* _ACTION ITEM_
Looking through the listing that follows, count every line with the string "standard" and state the number alone.

* _DATA IN THIS EXERCISE_
[Start of section]

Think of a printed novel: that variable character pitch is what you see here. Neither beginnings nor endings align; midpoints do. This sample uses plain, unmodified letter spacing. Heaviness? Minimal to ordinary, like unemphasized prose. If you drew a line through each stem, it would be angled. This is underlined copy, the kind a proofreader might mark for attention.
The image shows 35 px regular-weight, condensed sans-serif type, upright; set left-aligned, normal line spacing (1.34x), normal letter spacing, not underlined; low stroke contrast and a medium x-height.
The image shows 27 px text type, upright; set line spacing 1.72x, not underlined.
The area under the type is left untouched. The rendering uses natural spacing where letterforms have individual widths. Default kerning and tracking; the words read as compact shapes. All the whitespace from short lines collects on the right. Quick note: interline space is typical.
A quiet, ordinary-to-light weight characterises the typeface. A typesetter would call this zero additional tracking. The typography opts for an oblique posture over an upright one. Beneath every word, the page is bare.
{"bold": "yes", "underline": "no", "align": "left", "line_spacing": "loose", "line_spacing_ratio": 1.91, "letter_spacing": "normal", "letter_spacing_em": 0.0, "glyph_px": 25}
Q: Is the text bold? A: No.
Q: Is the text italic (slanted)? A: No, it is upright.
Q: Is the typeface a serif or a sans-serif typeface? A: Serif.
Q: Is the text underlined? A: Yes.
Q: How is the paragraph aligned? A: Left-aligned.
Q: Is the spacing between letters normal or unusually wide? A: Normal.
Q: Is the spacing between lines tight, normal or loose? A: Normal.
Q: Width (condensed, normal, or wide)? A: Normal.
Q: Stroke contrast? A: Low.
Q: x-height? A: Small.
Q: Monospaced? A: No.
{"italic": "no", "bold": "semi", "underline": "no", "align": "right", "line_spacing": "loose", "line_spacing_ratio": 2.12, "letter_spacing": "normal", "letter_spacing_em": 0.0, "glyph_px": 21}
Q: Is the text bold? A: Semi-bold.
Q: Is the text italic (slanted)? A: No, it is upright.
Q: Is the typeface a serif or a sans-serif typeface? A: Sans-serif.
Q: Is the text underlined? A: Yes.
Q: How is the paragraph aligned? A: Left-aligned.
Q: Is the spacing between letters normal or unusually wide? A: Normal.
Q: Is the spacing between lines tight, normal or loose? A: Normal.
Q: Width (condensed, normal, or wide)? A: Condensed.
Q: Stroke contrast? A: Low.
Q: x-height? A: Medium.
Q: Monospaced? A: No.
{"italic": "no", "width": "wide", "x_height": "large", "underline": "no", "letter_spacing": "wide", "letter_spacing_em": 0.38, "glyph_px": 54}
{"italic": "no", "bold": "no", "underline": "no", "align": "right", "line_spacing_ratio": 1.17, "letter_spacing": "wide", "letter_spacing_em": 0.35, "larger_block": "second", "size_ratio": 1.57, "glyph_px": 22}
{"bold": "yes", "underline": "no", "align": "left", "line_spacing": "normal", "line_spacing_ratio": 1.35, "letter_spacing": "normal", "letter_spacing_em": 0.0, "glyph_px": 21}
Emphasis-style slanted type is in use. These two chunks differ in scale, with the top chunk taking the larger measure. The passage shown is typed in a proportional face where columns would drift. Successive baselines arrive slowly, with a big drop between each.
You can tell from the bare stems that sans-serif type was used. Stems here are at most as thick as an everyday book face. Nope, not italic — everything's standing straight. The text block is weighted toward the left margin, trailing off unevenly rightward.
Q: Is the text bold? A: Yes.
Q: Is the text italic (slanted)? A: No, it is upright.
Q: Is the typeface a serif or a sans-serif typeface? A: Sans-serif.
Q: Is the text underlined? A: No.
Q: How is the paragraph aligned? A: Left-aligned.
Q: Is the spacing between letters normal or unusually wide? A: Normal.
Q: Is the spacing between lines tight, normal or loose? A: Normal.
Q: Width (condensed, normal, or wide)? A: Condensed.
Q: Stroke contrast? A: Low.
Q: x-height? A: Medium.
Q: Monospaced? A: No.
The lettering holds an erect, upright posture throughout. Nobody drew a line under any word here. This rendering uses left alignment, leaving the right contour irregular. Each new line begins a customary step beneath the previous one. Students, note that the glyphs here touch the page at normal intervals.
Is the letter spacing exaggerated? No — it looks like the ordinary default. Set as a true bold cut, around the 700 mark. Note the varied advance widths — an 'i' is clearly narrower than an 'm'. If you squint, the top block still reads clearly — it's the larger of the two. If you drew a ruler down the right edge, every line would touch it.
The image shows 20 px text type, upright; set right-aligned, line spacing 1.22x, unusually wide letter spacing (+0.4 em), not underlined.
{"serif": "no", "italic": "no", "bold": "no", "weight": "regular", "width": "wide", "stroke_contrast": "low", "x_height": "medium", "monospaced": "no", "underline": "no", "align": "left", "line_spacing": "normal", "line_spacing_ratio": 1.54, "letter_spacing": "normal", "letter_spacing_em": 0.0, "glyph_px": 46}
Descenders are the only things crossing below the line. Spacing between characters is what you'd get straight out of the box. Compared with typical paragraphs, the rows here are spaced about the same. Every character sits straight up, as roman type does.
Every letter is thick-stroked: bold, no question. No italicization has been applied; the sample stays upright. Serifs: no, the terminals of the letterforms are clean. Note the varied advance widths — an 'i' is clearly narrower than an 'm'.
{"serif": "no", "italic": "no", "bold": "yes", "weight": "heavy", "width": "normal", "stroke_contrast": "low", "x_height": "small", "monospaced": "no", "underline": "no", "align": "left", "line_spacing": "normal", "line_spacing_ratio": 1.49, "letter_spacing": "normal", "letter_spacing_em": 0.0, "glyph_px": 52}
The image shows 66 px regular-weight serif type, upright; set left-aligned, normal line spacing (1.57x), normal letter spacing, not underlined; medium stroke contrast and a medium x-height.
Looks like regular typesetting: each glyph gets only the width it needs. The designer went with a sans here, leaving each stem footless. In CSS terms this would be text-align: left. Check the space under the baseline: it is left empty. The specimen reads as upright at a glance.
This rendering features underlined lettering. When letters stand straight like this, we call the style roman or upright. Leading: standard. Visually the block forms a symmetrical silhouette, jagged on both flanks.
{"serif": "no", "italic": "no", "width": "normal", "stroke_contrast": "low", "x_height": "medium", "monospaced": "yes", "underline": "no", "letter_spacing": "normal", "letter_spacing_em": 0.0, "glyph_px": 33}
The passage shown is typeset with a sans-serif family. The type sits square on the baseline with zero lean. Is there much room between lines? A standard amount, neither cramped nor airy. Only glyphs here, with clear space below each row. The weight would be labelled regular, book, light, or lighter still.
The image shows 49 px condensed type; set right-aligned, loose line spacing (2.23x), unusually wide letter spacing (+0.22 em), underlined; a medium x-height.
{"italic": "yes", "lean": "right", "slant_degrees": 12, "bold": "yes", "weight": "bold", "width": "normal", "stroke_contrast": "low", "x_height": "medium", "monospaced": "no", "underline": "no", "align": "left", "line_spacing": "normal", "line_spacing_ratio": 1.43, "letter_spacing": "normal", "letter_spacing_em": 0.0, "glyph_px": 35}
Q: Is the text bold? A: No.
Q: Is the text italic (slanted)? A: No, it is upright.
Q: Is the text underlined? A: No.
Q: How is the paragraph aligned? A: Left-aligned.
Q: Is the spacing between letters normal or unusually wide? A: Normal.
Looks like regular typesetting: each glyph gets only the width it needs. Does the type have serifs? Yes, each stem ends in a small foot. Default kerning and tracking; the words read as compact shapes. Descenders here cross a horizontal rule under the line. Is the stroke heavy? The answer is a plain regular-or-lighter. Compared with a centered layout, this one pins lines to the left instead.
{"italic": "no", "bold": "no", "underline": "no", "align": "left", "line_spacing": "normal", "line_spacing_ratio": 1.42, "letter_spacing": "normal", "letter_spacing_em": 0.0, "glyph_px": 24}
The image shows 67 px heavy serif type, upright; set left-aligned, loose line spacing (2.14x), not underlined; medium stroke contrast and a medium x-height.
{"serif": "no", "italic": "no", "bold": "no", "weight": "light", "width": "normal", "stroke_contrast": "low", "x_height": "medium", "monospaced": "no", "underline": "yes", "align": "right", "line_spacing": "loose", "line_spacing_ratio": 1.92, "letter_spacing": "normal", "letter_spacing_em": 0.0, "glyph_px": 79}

[End of section]

* _YOUR SOLUTION_
2